• **Available data**:
^^^^^^^^^^^^^^^^

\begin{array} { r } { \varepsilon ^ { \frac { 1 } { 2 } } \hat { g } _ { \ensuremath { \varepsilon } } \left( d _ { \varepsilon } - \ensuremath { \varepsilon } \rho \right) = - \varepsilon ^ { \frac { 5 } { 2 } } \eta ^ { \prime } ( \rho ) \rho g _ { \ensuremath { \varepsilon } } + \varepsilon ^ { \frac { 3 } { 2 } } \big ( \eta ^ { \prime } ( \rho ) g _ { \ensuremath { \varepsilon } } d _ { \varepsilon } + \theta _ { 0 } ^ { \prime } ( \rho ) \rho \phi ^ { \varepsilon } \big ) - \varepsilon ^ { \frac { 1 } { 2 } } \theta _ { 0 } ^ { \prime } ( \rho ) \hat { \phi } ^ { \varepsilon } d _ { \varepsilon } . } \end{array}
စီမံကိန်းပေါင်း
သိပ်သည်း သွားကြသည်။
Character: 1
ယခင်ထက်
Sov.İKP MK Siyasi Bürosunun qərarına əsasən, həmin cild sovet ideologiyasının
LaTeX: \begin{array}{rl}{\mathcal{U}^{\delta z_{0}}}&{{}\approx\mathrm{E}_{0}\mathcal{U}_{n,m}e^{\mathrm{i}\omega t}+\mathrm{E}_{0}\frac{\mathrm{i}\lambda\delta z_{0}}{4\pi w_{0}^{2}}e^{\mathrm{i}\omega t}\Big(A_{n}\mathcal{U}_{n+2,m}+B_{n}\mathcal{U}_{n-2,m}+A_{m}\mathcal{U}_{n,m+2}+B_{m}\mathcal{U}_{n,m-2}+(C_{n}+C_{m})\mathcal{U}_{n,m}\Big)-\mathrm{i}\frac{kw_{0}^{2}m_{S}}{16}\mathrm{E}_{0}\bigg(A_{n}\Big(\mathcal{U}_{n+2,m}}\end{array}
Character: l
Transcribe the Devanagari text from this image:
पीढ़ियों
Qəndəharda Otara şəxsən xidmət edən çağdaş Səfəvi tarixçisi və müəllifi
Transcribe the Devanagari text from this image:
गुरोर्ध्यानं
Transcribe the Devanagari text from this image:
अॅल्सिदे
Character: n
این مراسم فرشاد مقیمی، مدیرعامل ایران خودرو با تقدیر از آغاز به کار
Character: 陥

^^^^^^^^^^^^^^^^

Looking at the records above, which lines contain "array"? Copy those lines.

• **Exercise answer**:
\begin{array} { r } { \varepsilon ^ { \frac { 1 } { 2 } } \hat { g } _ { \ensuremath { \varepsilon } } \left( d _ { \varepsilon } - \ensuremath { \varepsilon } \rho \right) = - \varepsilon ^ { \frac { 5 } { 2 } } \eta ^ { \prime } ( \rho ) \rho g _ { \ensuremath { \varepsilon } } + \varepsilon ^ { \frac { 3 } { 2 } } \big ( \eta ^ { \prime } ( \rho ) g _ { \ensuremath { \varepsilon } } d _ { \varepsilon } + \theta _ { 0 } ^ { \prime } ( \rho ) \rho \phi ^ { \varepsilon } \big ) - \varepsilon ^ { \frac { 1 } { 2 } } \theta _ { 0 } ^ { \prime } ( \rho ) \hat { \phi } ^ { \varepsilon } d _ { \varepsilon } . } \end{array}
LaTeX: \begin{array}{rl}{\mathcal{U}^{\delta z_{0}}}&{{}\approx\mathrm{E}_{0}\mathcal{U}_{n,m}e^{\mathrm{i}\omega t}+\mathrm{E}_{0}\frac{\mathrm{i}\lambda\delta z_{0}}{4\pi w_{0}^{2}}e^{\mathrm{i}\omega t}\Big(A_{n}\mathcal{U}_{n+2,m}+B_{n}\mathcal{U}_{n-2,m}+A_{m}\mathcal{U}_{n,m+2}+B_{m}\mathcal{U}_{n,m-2}+(C_{n}+C_{m})\mathcal{U}_{n,m}\Big)-\mathrm{i}\frac{kw_{0}^{2}m_{S}}{16}\mathrm{E}_{0}\bigg(A_{n}\Big(\mathcal{U}_{n+2,m}}\end{array}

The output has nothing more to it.